Bugünkü krizin arka planında, AKP Hükümeti'nin siyasi mitingleri Almanya'ya taşıma ısrarı yatıyor. Esasında, son derece özgürlükçü bir anayasaya sahip olan Almanya'da şimdiye kadar Türk siyasetçilerin toplantı yapmalarına bir zorluk çıkarılmamıştı. Ama eğer HDP milletvekili Ziya Pir'in şu dedikleri doğruysa, şimdi ortada bir taşra kurnazlığı var: "Almanya'da Bozdağ'ın ve Zeybekci'nin mitinglerine izin verilmemesinin nedeni organizatörlerin yalan beyanlarıdır!..

Bozdağ'ın mitingi için bakanın geleceğini değil de UETD’in bir toplantı yapacağını beyan etmişler…Bugün bakanın katılımını öğrenen emniyet, düzeni sağlayacak hazırlıkta olmadığını ifade ederek izni haklı olarak iptal etmiştir…

Köln'de Zeybekci'nin katılacağı salon mitingi için de daha dün akşama kadar tiyatro organizasyonu olduğunu bildirmişler… İşin aslı ortaya çıkınca Porz belediyesi salonunu haklı olarak vermemiş. Her iki iptalde suç beceriksiz ve yalancı organizatöründür!

Bu arada… Tiyatro organizasyonu aslında yalan beyan değildir ?

Ama, Bozdağ oralı değil.

Bugün yaptığı açıklamada şöyle diyor: "Buradan özellikle ifade etmek isterim ki her defasında demokrasi, ifade hürriyeti üzerine konuşmalar yapan ve kendileri dışında herkesi bu konudaki eksiklikleriyle suçlayan Alman makamlarının Türk toplumunun bir toplantı yapmasına müsade etmemesi kabul edilebilir değil. Çok net bir şekilde söylüyorum, bu demokrasi ile izah edilemez. Bir bakanın kendisini ifade etmesine izin vermeyen bir demokrasi olabilir mi? Bir toplumun toplantı yapmasına izin vermeyen bir demokrasi olabilir mi?"

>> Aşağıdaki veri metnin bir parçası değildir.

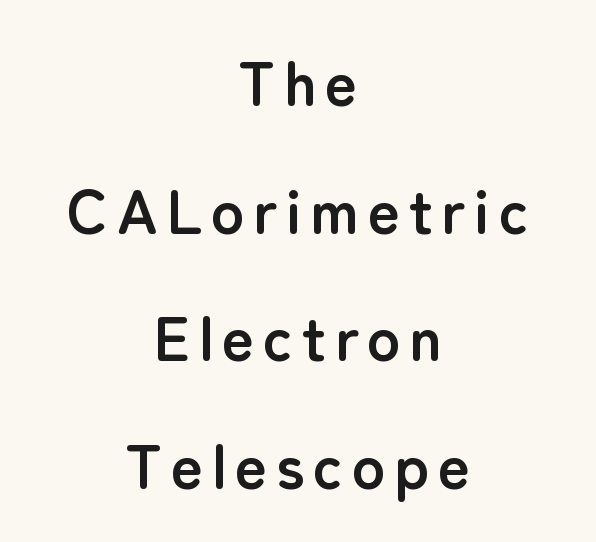
The image shows 62 px semibold sans-serif type, upright; set centered, loose line spacing (2.06x), not underlined; low stroke contrast and a medium x-height.
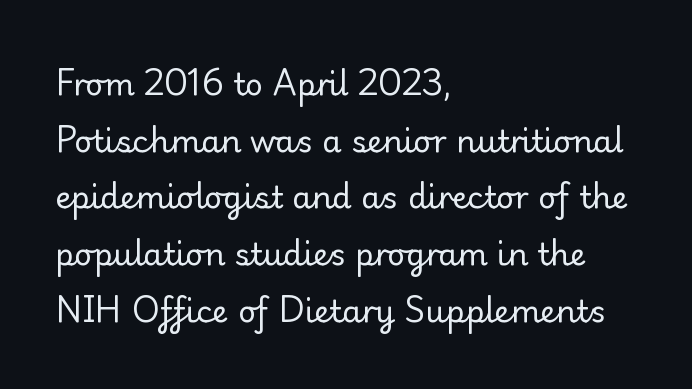
Letterform terminals end in serifs throughout the passage. A clean baseline with only descenders dipping below it. Ink coverage per letter is moderate at most. The rag falls on the right side of this text block. Posture: upright roman.
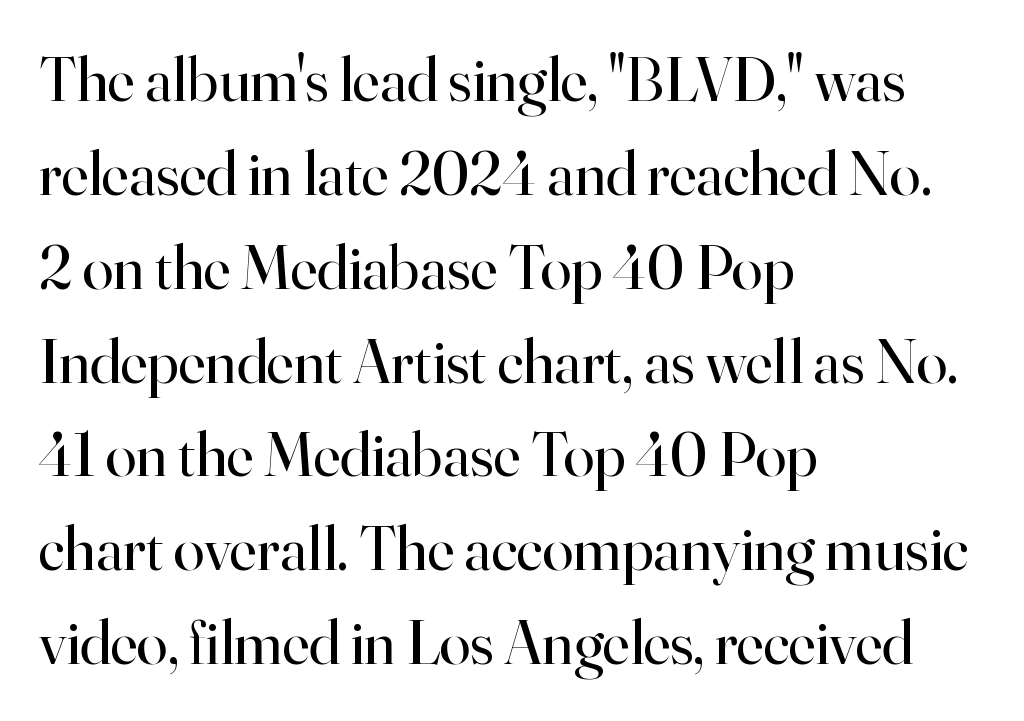
{"serif": "yes", "italic": "no", "bold": "no", "weight": "regular", "width": "normal", "stroke_contrast": "high", "x_height": "small", "monospaced": "no", "underline": "no", "align": "left", "line_spacing": "normal", "line_spacing_ratio": 1.49, "letter_spacing": "normal", "letter_spacing_em": 0.0, "glyph_px": 63}
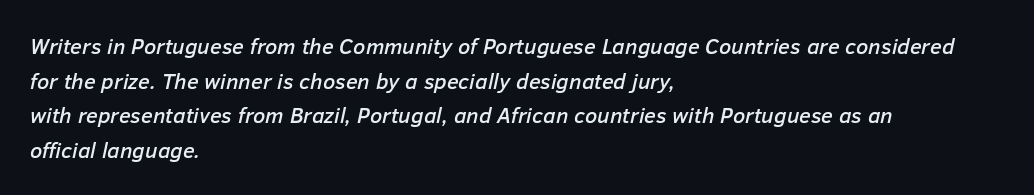
The image shows 22 px text type, italic (leaning right); set left-aligned, normal line spacing (1.57x), normal letter spacing, not underlined.
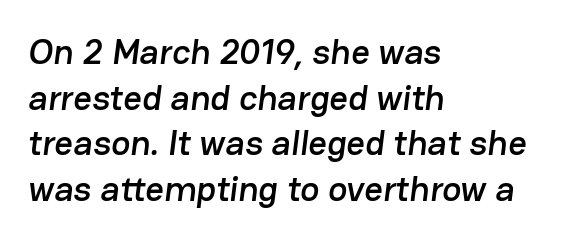
Q: Is the typeface a serif or a sans-serif typeface? A: Sans-serif.
Q: Is the text underlined? A: No.
Q: How is the paragraph aligned? A: Left-aligned.
Q: Is the spacing between letters normal or unusually wide? A: Normal.
Q: Is the spacing between lines tight, normal or loose? A: Normal.
Q: Width (condensed, normal, or wide)? A: Normal.
Q: Stroke contrast? A: Low.
Q: x-height? A: Medium.
Q: Monospaced? A: No.
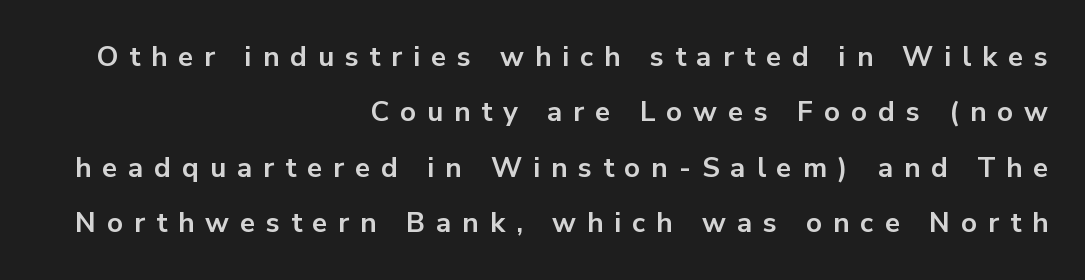
The image shows 28 px bold sans-serif type, upright; set right-aligned, loose line spacing (1.98x), unusually wide letter spacing (+0.39 em), not underlined; low stroke contrast and a medium x-height.
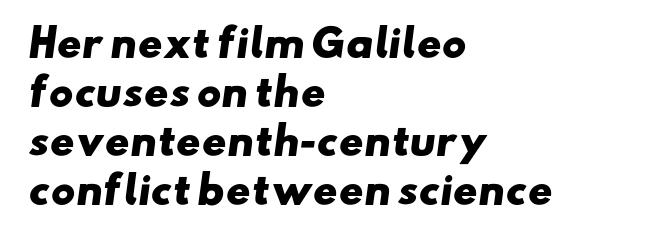
The letters advance in unequal steps, a hallmark of proportional type. The passage is arranged the way most books set body copy — flush left. Successive baselines arrive at the customary interval. Each glyph is drawn with heavy, bold strokes.
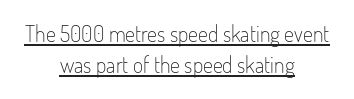
Baseline-to-baseline distance is the conventional proportion of letter height. Stems here are at most as thick as an everyday book face. Underlining? Definitely there. Honestly, the letter spacing is just normal — you wouldn't notice it. It's the straight-up-and-down kind of type.
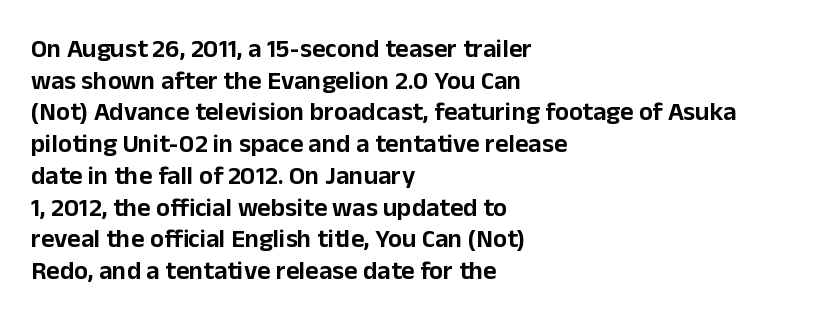
{"italic": "no", "underline": "no", "align": "left", "line_spacing_ratio": 1.22, "letter_spacing": "normal", "letter_spacing_em": 0.0, "glyph_px": 26}
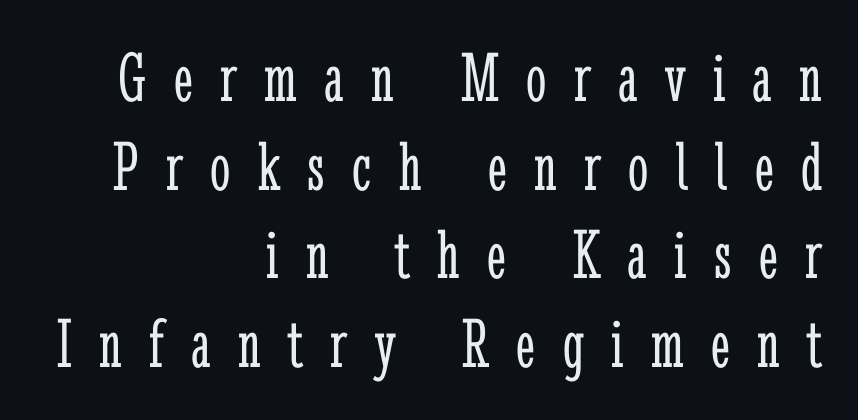
Q: Is the text bold? A: No.
Q: Is the text italic (slanted)? A: No, it is upright.
Q: Is the typeface a serif or a sans-serif typeface? A: Serif.
Q: Is the text underlined? A: No.
Q: How is the paragraph aligned? A: Right-aligned.
Q: Is the spacing between letters normal or unusually wide? A: Unusually wide.
Q: Width (condensed, normal, or wide)? A: Condensed.
Q: Stroke contrast? A: Low.
Q: x-height? A: Medium.
Q: Monospaced? A: No.
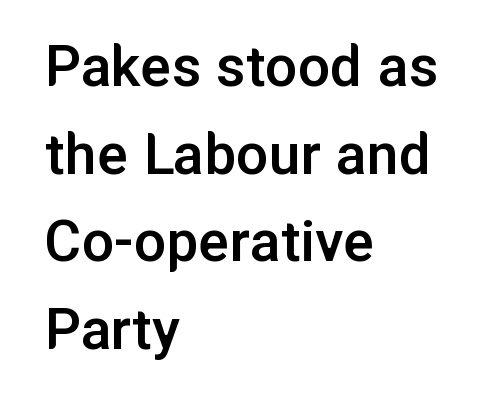
Each line starts at the same left margin while the right side varies. Regarding serifs, this sample does without them. This sample has the flowing, uneven cadence of proportional lettering. Nothing unusual about the tracking: characters are spaced as the font intends. Characters remain perfectly vertical along every line. This sample keeps an unexceptional amount of space between lines.
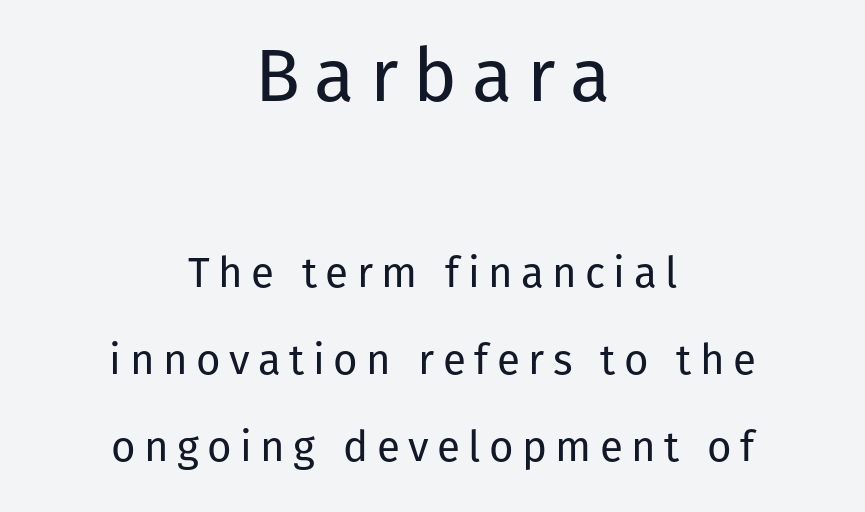
The image shows 74 px regular-weight sans-serif type, upright; set centered, loose line spacing (2.07x), unusually wide letter spacing (+0.2 em), not underlined; the first (top) block is 1.76x larger; low stroke contrast and a medium x-height.
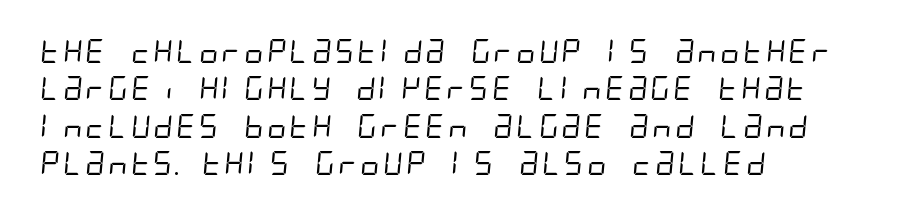
The image shows 24 px text type; set left-aligned, normal line spacing (1.56x), normal letter spacing, not underlined.
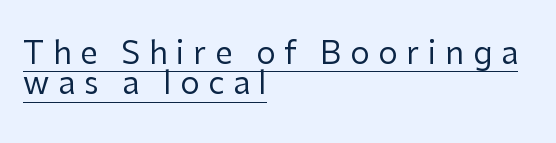
Q: Is the text bold? A: No.
Q: Is the text italic (slanted)? A: No, it is upright.
Q: Is the typeface a serif or a sans-serif typeface? A: Sans-serif.
Q: Is the text underlined? A: Yes.
Q: How is the paragraph aligned? A: Left-aligned.
Q: Is the spacing between letters normal or unusually wide? A: Unusually wide.
Q: Is the spacing between lines tight, normal or loose? A: Tight.
Q: Width (condensed, normal, or wide)? A: Normal.
Q: Stroke contrast? A: Low.
Q: x-height? A: Medium.
Q: Monospaced? A: No.
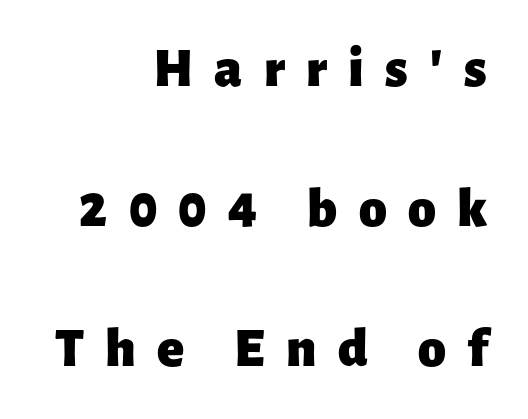
If you drew a ruler down the right edge, every line would touch it. These lines stand farther apart than default settings would place them. You could not count columns in this text — the font is proportionally spaced. A typesetter would mark this as roman, not italic. Descenders are the only things crossing below the line. Inter-character spacing is expanded well beyond the font's built-in metrics.
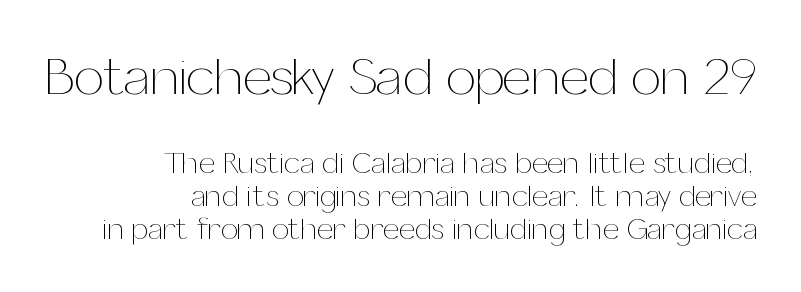
The image shows 53 px thin type, upright; set right-aligned, tight line spacing (1.1x), normal letter spacing, not underlined; the first (top) block is 1.77x larger; medium stroke contrast and a medium x-height.
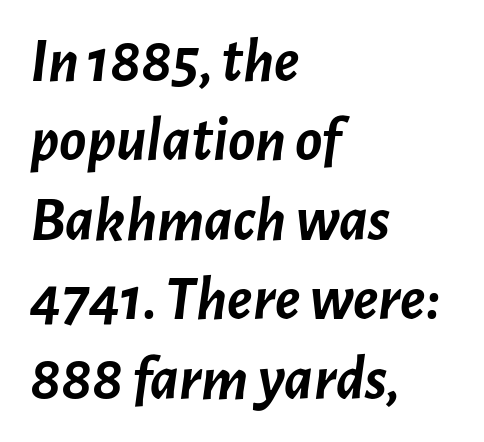
Q: Is the text bold? A: Yes.
Q: Is the text italic (slanted)? A: Yes, it leans right by about 7 degrees.
Q: Is the text underlined? A: No.
Q: How is the paragraph aligned? A: Left-aligned.
Q: Is the spacing between letters normal or unusually wide? A: Normal.
Q: Is the spacing between lines tight, normal or loose? A: Normal.
Q: Width (condensed, normal, or wide)? A: Normal.
Q: Stroke contrast? A: Low.
Q: x-height? A: Medium.
Q: Monospaced? A: No.
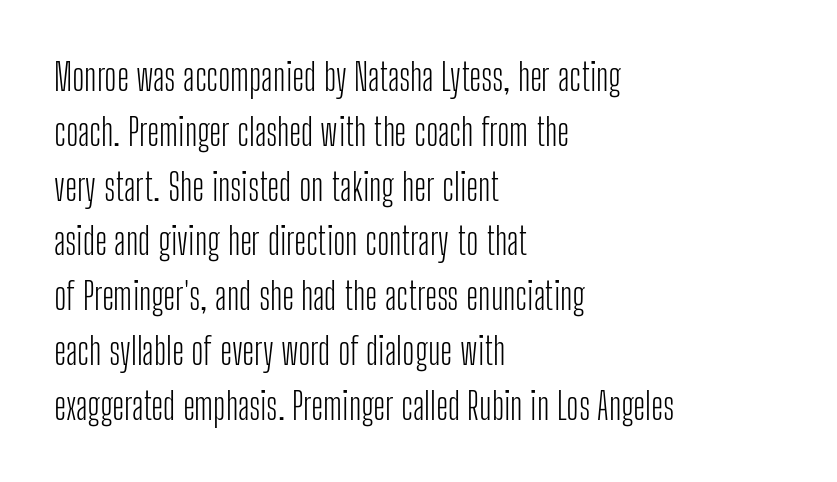
Q: Is the text bold? A: No.
Q: Is the text italic (slanted)? A: No, it is upright.
Q: Is the typeface a serif or a sans-serif typeface? A: Sans-serif.
Q: Is the text underlined? A: No.
Q: How is the paragraph aligned? A: Left-aligned.
Q: Is the spacing between letters normal or unusually wide? A: Normal.
Q: Is the spacing between lines tight, normal or loose? A: Normal.
Q: Width (condensed, normal, or wide)? A: Condensed.
Q: Stroke contrast? A: Low.
Q: x-height? A: Medium.
Q: Monospaced? A: No.
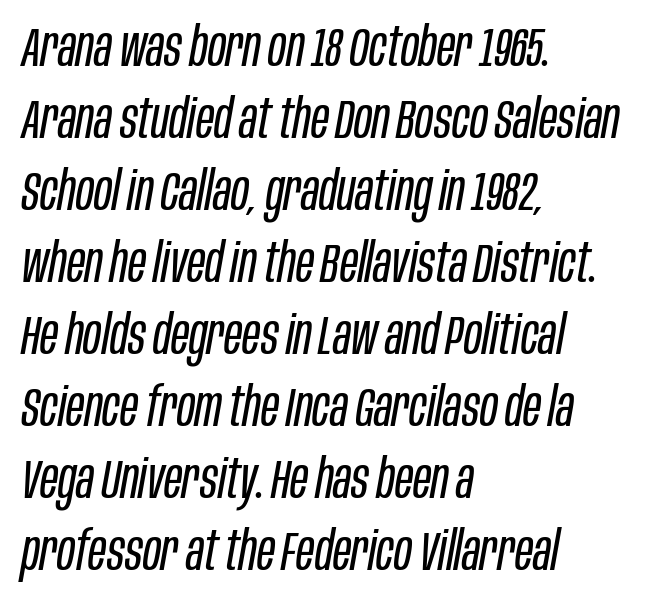
The image shows 55 px regular-weight, condensed type, italic (leaning right); set left-aligned, normal line spacing (1.31x), normal letter spacing, not underlined; low stroke contrast and a large x-height.
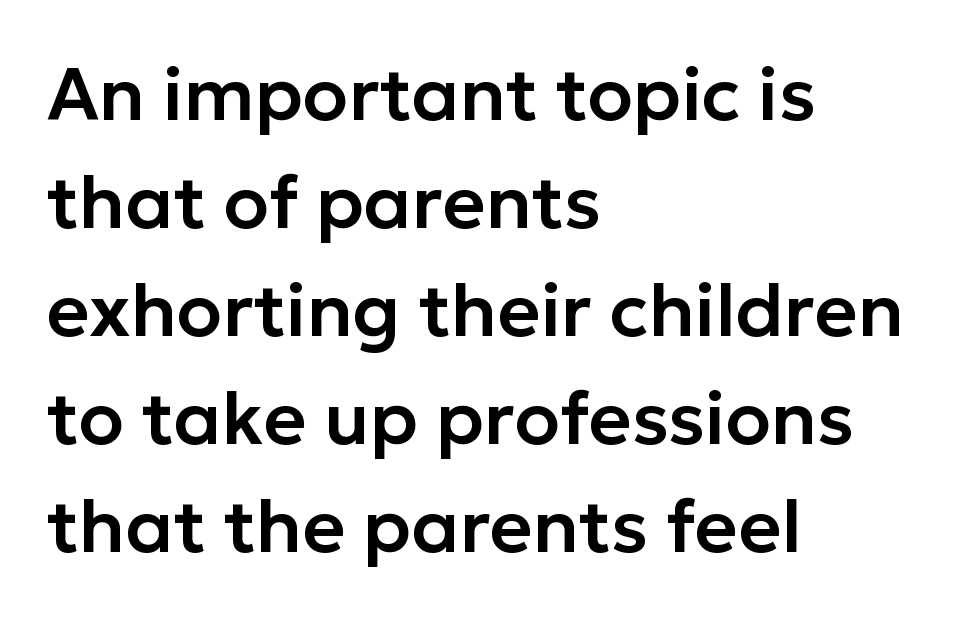
{"serif": "no", "italic": "no", "width": "normal", "stroke_contrast": "low", "x_height": "medium", "monospaced": "no", "underline": "no", "align": "left", "line_spacing": "normal", "line_spacing_ratio": 1.46, "letter_spacing": "normal", "letter_spacing_em": 0.0, "glyph_px": 74}
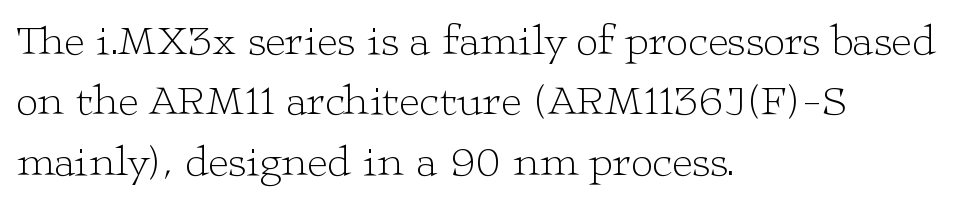
Here the designer chose a conventional face with non-uniform glyph widths. The type sits square on the baseline with zero lean. A clean baseline with only descenders dipping below it. In terms of letterform style, serifs are clearly present.
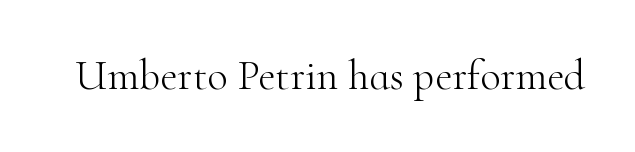
The image shows 42 px light serif type, upright; set normal letter spacing, not underlined; high stroke contrast and a small x-height.
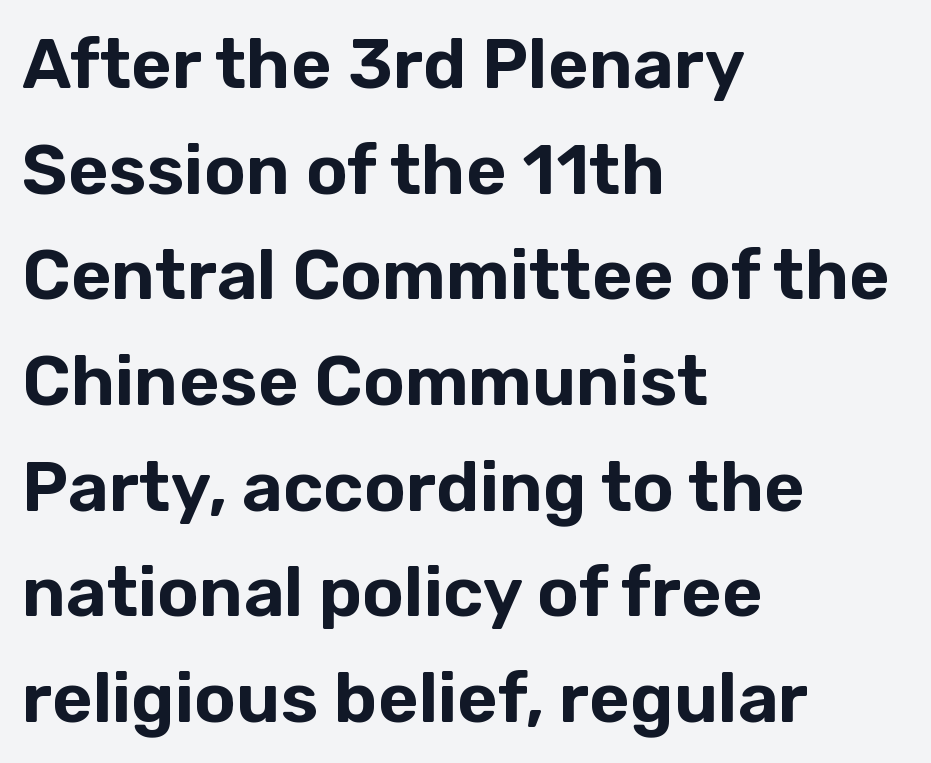
{"serif": "no", "italic": "no", "width": "normal", "stroke_contrast": "low", "x_height": "medium", "monospaced": "no", "underline": "no", "align": "left", "line_spacing": "normal", "line_spacing_ratio": 1.51, "letter_spacing": "normal", "letter_spacing_em": 0.0, "glyph_px": 70}
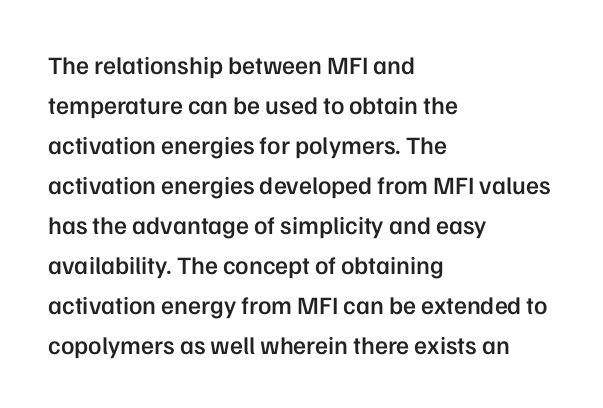
{"italic": "no", "bold": "semi", "underline": "no", "align": "left", "line_spacing": "normal", "line_spacing_ratio": 1.6, "letter_spacing": "normal", "letter_spacing_em": 0.0, "glyph_px": 25}

Cumhurbaşkanlığı Sözcüsü İbrahim Kalın da bunun peşinden şu açıklamayı yapmış: "Her fırsatta Türkiye’ye demokrasi ve ifade özgürlüğü dersi vermeye çalışanların gerçek yüzü bu tür kararlarla açık şekilde ortaya çıkıyor. Bu skandal kararın, PKK ve FETÖ gibi terör örgütlerine kucak açan bir ülkede alınması Avrupa’nın geleceği açısından endişe vericidir."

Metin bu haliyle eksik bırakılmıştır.